There are issues that affect a number of factors relating to the economy. I have no doubt that other examples could equally have been produced relating to other aspects of the physical infrastructure in the Limavady and Magilligan area. However, if we are talking about an investment of a very substantial sum to provide prison facilities for the benefit of Northern Ireland, frankly, we have to look a bit wider than the cost of sewerage works at Magilligan. That is part of it and will feed into any economic appraisal, but it is a long way short of being the only key issue to be addressed.

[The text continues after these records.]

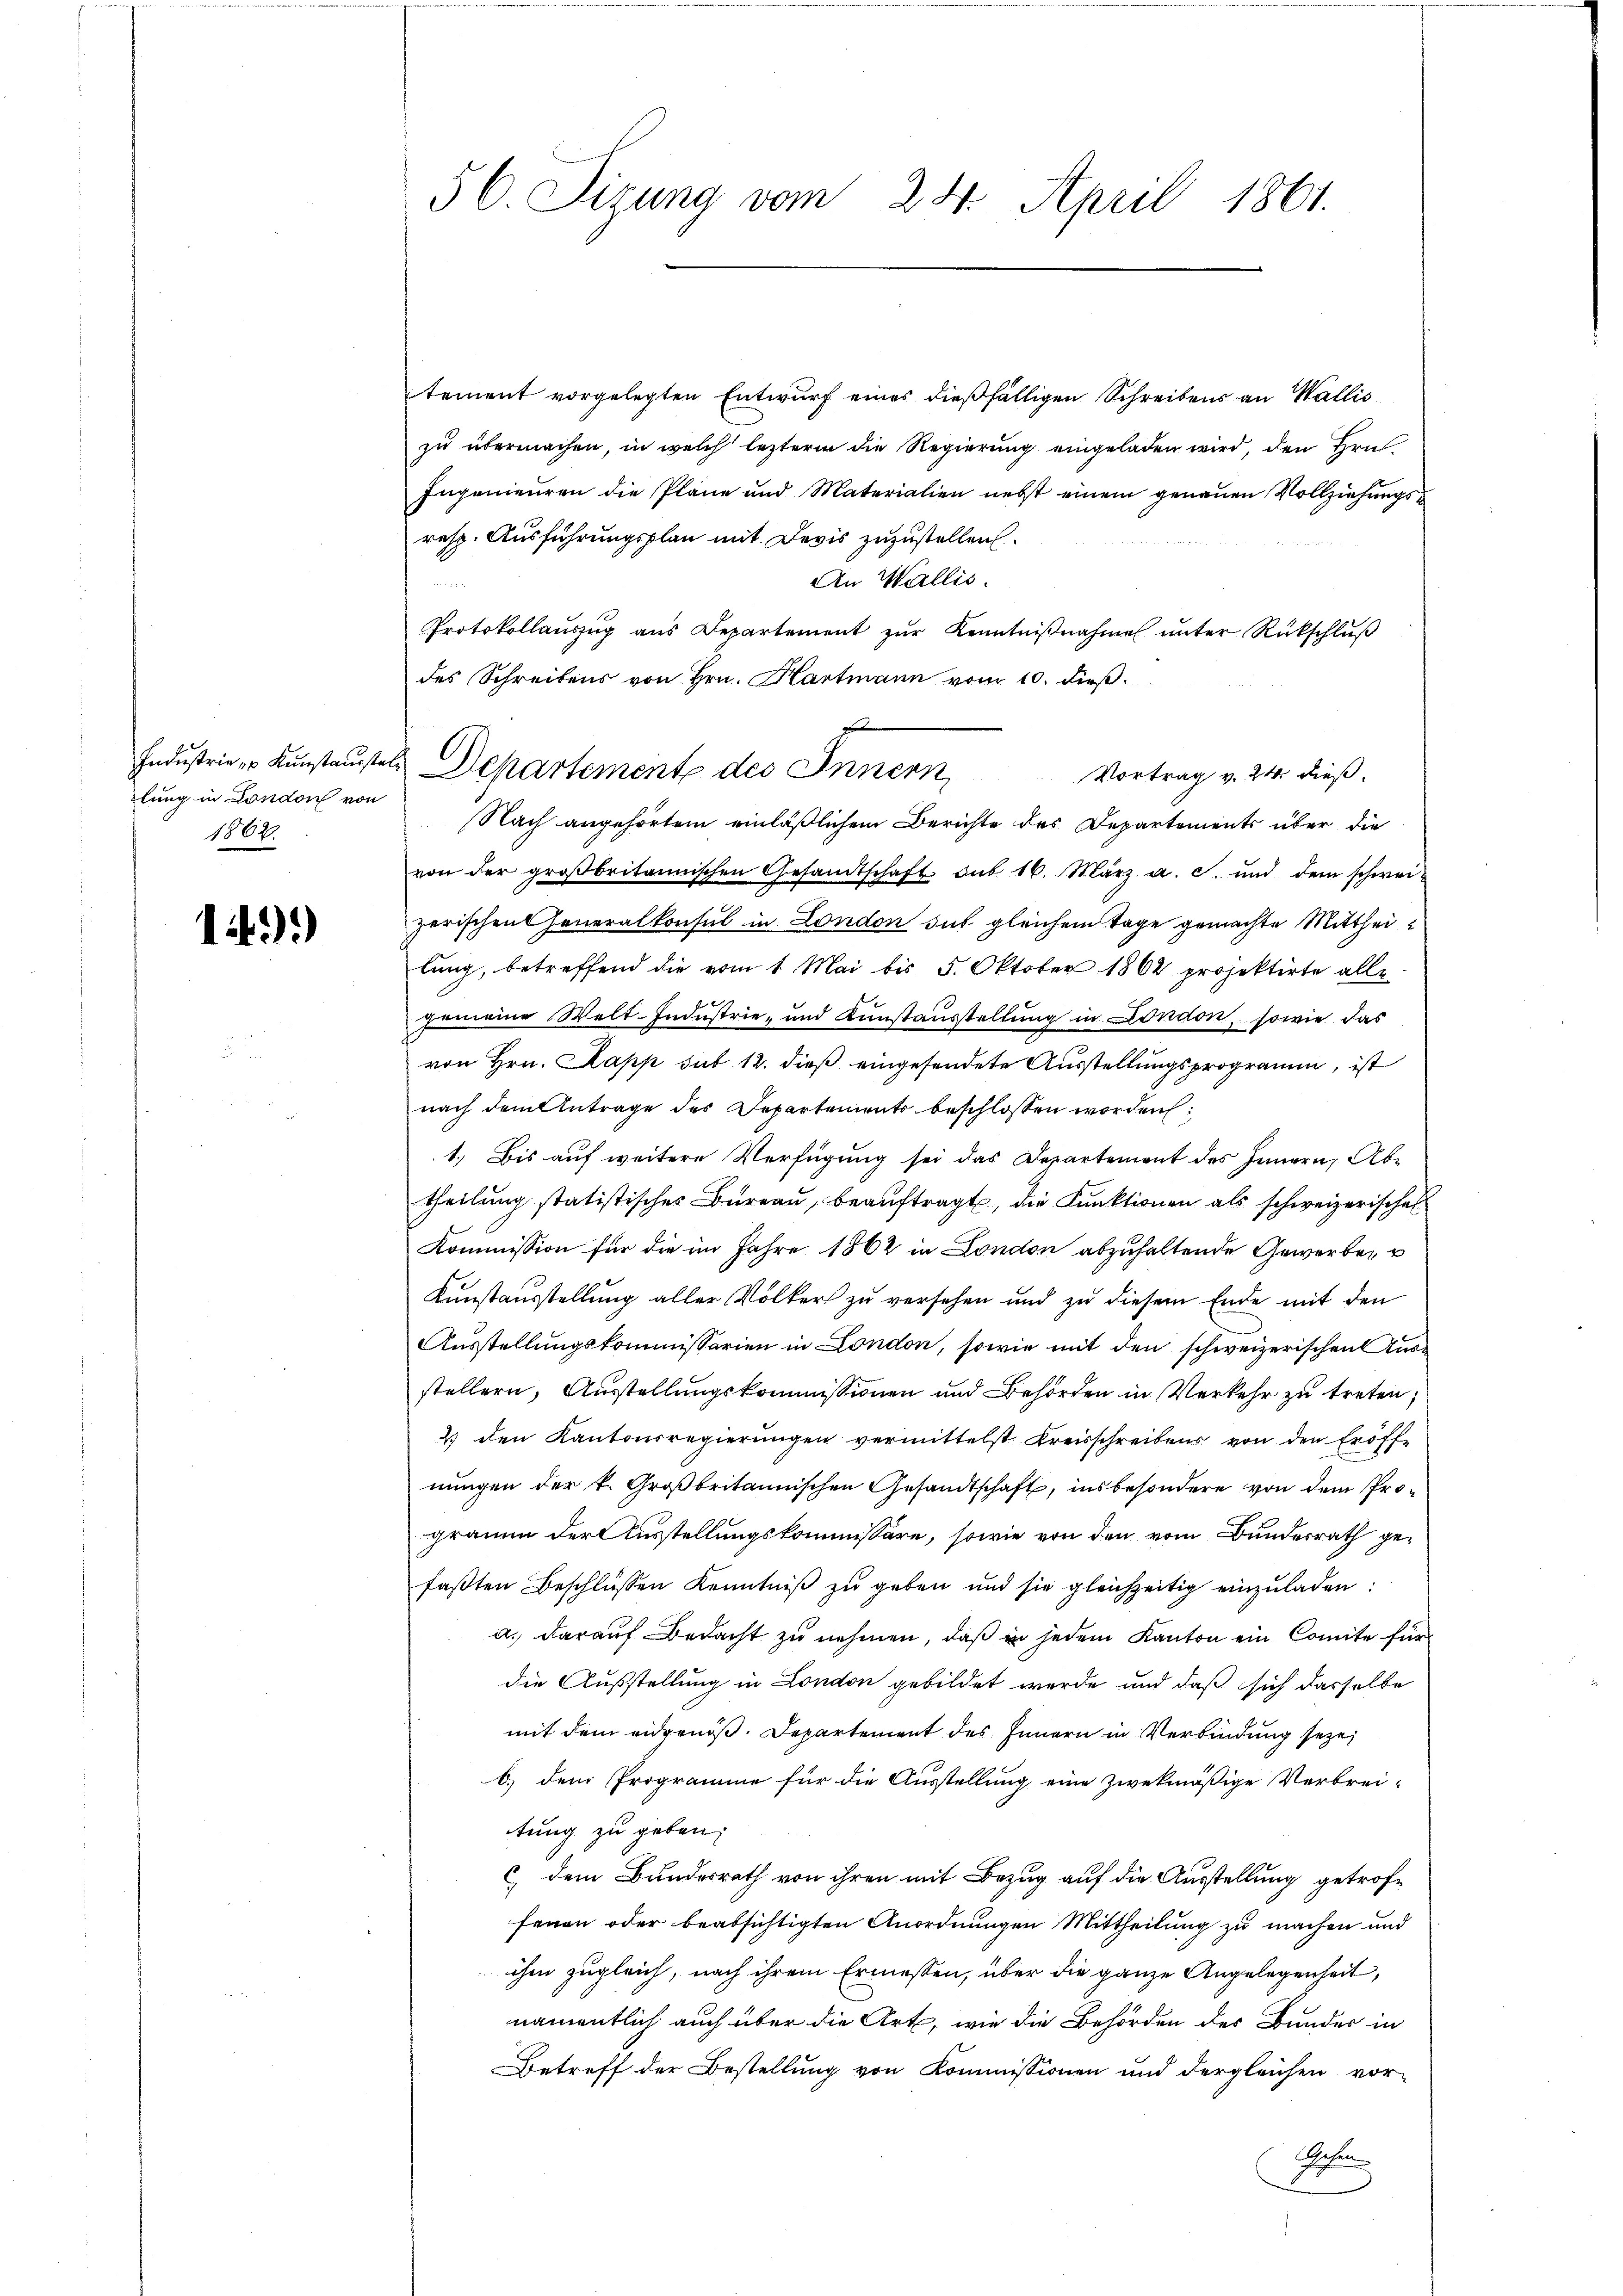
Industrie  Kunstausste
lung in London von
1862.

1491)

56 Sizung vom 24. April 1861.

tement vorgelegten Entwurf eines dießfälligen Schreibens an Wallis
zu übermachen, in welch lezterm die Regierung eingeladen wird, den Hrn.
Ingenieuren die Pläne und Materialien nebst einem genauen Vollziehungs¬
resp. Ausführungsplan mit Devis zuzustellen.
An Wallis.
2
Protokollaŭszŭg ans Departement zŭr Kenntniβnahme ŭnter Rückschlŭβ
des Schreibens von Hrn. Hartmann vom 10. dieß.
Nach angehörtem einläßlichem Berichte des Departements über die
von der groβbritannischen Gesandtschaft sub 16. März a. c. und dem schwei-
zerischen Generalkonsul in London gut gleichem Tage gemachte Mittheilung, betreffend die vom 1. Mai bis 5. Oktober 1862 projektirte alle
emeine Welt-Industrie- und Kunstausstellung in London, sowie das
von Hrn. Papp sub 12. dieß eingesendete Ausstellungsprogramm, ist
nach dem Antrage des Departements beschlossen worden:
1.) Bis auf weitere Verfügung sei das Departement des Innern, Abtheilung statistisches Bureau, beauftragt, die Funktionen als schweizerische
Kommission für die im Jahre 1862 in London abzuhaltende Gewerben u
Kunstausstellung aller Völker zu versehen und zu diesem Ende mit den
Ausstellungskommissarien in London, sowie mit den schweizerischen Ausstellern, Ausstellungskommissionen und Behörden in Verkehr zu treten,
2. den Kantonsregierŭngen vermittelst Kreisschreibens von den Eröffe
nungen der k. Großbritannischen Gesandtschaft, insbesondere von dem Prograum der Ausstellungskommissäre, sowie von den vom Bunderrath gefaβten Beschlüssen Kenntniβ zŭ geben und sie gleichzeitig einzŭladen:
a. darauf Bedacht zu nehmen, daß in jedem Kanton ein Comite für
die Ausstellung in London gebildet werde und daß sich dasselbe
mit dem eidgenoß. Departement des Innern in Verbindung seye,
b.) dem Programme für die Ausstellung eine zwekmäßige Verbrei-
tung zu geben:
c dem Bundesrath von ihren mit Bezug auf die Ausstellung getroffenen oder beabsichtigten Anordnungen Mittheilung zu machen und
ihm zugleich, nach ihrem Ermessen, über die ganze Angelegenheit,
namentlich auch über die Art, wie die Behörden des Bundes in
Betreff der Bestellung von Kommissionen und dergleichen vor-
Getung

Departemente des Innern Vortrag v. 214. dieß¬

That is why I made it clear when I talked to the representatives of the three councils a few weeks ago that we also need to look at a range of issues, including the potential for stakeholder involvement and the potential to build on the existing good but limited rehabilitation facilities that are available for those in, for example, the Foyleview unit to go out from Magilligan daily for work experience. That is the kind of work that needs to be done in the Prison Service. That is the kind of work that I am focused on. Although the infrastructure will also be borne in mind, for me, the fundamental issue is ensuring that we have a Prison Service that is fit for purpose and that does its best to rehabilitate all those who are in need of the kinds of services that are provided by the Prison Service to protect the public as a whole.
PSNI: Agency, Consultancy and Associate Staff
9. Mr Brady asked the Minister of Justice when his Department first entered into discussions with the PSNI on the development of an outline business case for the tendering of a new contract for temporary agency, consultancy or associate staff. (AQO 2834/11-15)

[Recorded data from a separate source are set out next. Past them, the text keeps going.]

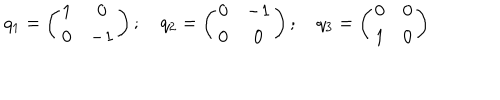
q _ { 1 } = \left( \begin{matrix} { { 1 } } & { { 0 } } \\ { { 0 } } & { { { - 1 } } } \\ \end{matrix} \right) ; \quad q _ { 2 } = \left( \begin{matrix} { { 0 } } & { { { - 1 } } } \\ { { 0 } } & { { 0 } } \\ \end{matrix} \right) ; \quad q _ { 3 } = \left( \begin{matrix} { { 0 } } & { { 0 } } \\ { { 1 } } & { { 0 } } \\ \end{matrix} \right)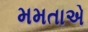
મમતાએ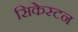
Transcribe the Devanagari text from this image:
सिकेस्टन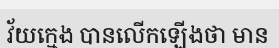
វ័យក្មេង បានលើកឡើងថា មាន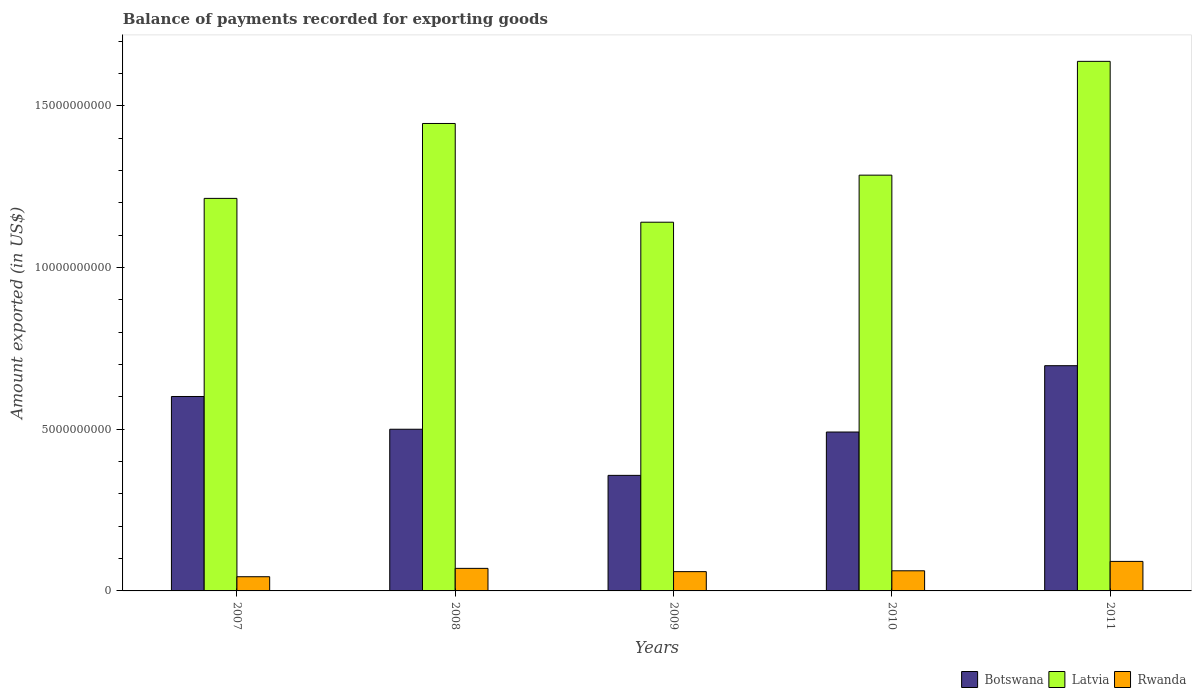
| Years | Botswana | Latvia | Rwanda |
 | --- | --- | --- | --- |
 | 2007 | 6.01e+09 | 1.21e+10 | 4.39e+08 |
 | 2008 | 5e+09 | 1.45e+10 | 6.97e+08 |
 | 2009 | 3.57e+09 | 1.14e+10 | 5.96e+08 |
 | 2010 | 4.91e+09 | 1.29e+10 | 6.23e+08 |
 | 2011 | 6.96e+09 | 1.64e+10 | 9.13e+08 |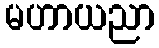
မဟာယညာ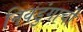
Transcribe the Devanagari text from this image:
निवडुंगाची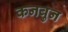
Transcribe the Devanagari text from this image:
कनबुन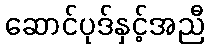
ဆောင်ပုဒ်နှင့်အညီ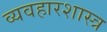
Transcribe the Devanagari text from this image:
व्यवहारशास्त्र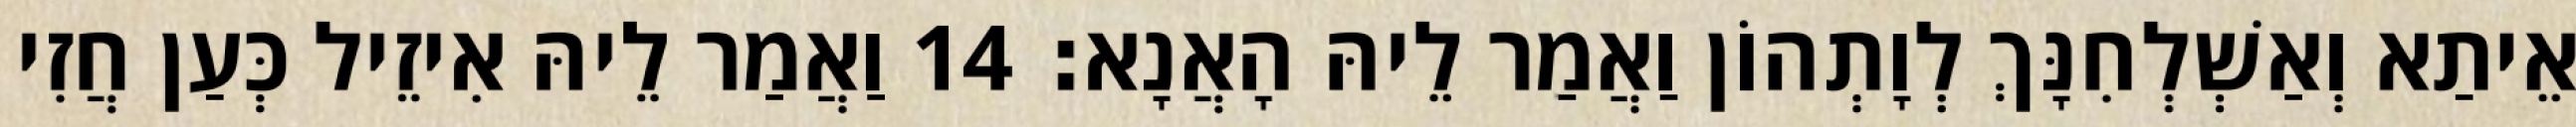
אֵיתַא וְאַשְׁלְחִנָּךְ לְוָתְהוֹן וַאֲמַר לֵיהּ הָאֲנָא׃ 14 וַאֲמַר לֵיהּ אִיזֵיל כְּעַן חֲזִי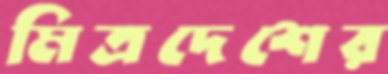
মিত্রদেশের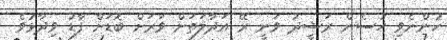
ހުންނެވި ހުސެން ރަޝީދު ވަނީ ރޭ އަދާލަތަށް ވަރަށް ބޮޑަށް ފާޑު ވިދާޅުވެ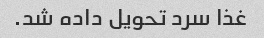
غذا سرد تحویل داده شد.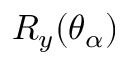
R _ { y } ( \theta _ { \alpha } )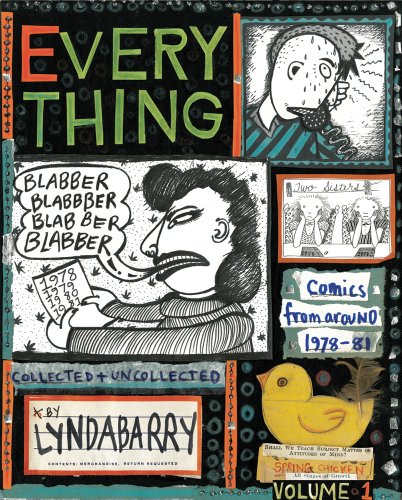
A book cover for Blabber Blabber Blabber: Volume 1 of Everything; Lynda Barry; Comics & Graphic Novels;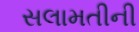
સલામતીની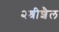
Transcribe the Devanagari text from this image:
२श्रीशैल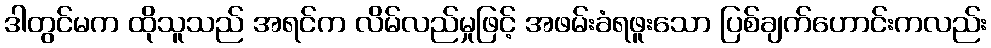
ဒါတွင်မက ထိုသူသည် အရင်က လိမ်လည်မှုဖြင့် အဖမ်းခံရဖူးသော ပြစ်ချက်ဟောင်းကလည်း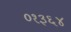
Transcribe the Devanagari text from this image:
०१३६४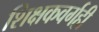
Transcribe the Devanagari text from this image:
शिक्षकवर्गही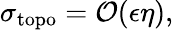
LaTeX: \sigma_{\mathrm{topo}}=\mathcal{O}(\epsilon\eta),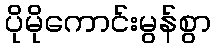
ပိုမိုကောင်းမွန်စွာ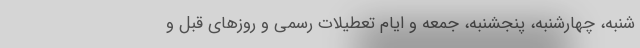
شنبه، چهارشنبه، پنجشنبه، جمعه و ایام تعطیلات رسمی و روز‌های قبل و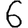
Digit: 6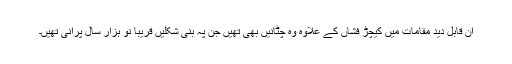
ان قابل دید مقامات میں کیچڑ فشاں کے علاوہ وہ چٹانیں بھی تھیں جن پہ بنی شکلیں قریبا نو ہزار سال پرانی تھیں۔

Mr Ford: The PSNI is responsible for developing business cases, whereas my Department’s role is to approve those that fall outside the Police Service's delegated financial limits.
The Police Service first shared a draft of the business case with my Department in late July. In the knowledge that there was a live Northern Ireland Audit Office investigation into the Police Service's use of agency staff, my officials advised the PSNI that it would be inappropriate to review the business case until after the report had been published and the Public Accounts Committee (PAC) hearing had taken place. The PSNI has not submitted an updated draft since the PAC hearing. It is important that any recommendations made by the PAC be considered and, if appropriate, included in any new contract.
Mr Brady: I thank the Minister for his answer. Will he assure us that any new contracts will ensure full compliance with equality requirements?
Mr Ford: Mr Brady asks specifically what I can do to ensure compliance of particular contracts. My role in the Department is to do with the formal approval of a business case. It is the responsibility of the Police Service to ensure that it adheres to equality requirements or any other aspect of the law in drawing up those contracts. Those particular points need to be considered by the Police Service and any body with which it engages in a contract to provide temporary agency, consultancy or associate staff. Those are issues for those who hold the contract and the employers rather than for the Department per se.
Mr D Bradley: Go raibh maith agat, a Phríomh-LeasCheann Comhairle. What lessons are to be learned from the Audit Office report?
Mr Ford: Mr Bradley makes a very reasonable point. The problem is that, at a stage when the PAC is still to hold a further hearing — the PAC has had one hearing, but I understand that it is inviting back representatives from the Police Service, although not to the second departmental hearing — it is difficult for me to say what lessons are to be learned. What is important is that we give the PAC the opportunity to do its work and to consider the issue in full detail. When its report is published, it will be up to all those concerned with such issues, and potentially people in other areas of the public sector, to learn the lessons of the final report when they see it and have had time to study it.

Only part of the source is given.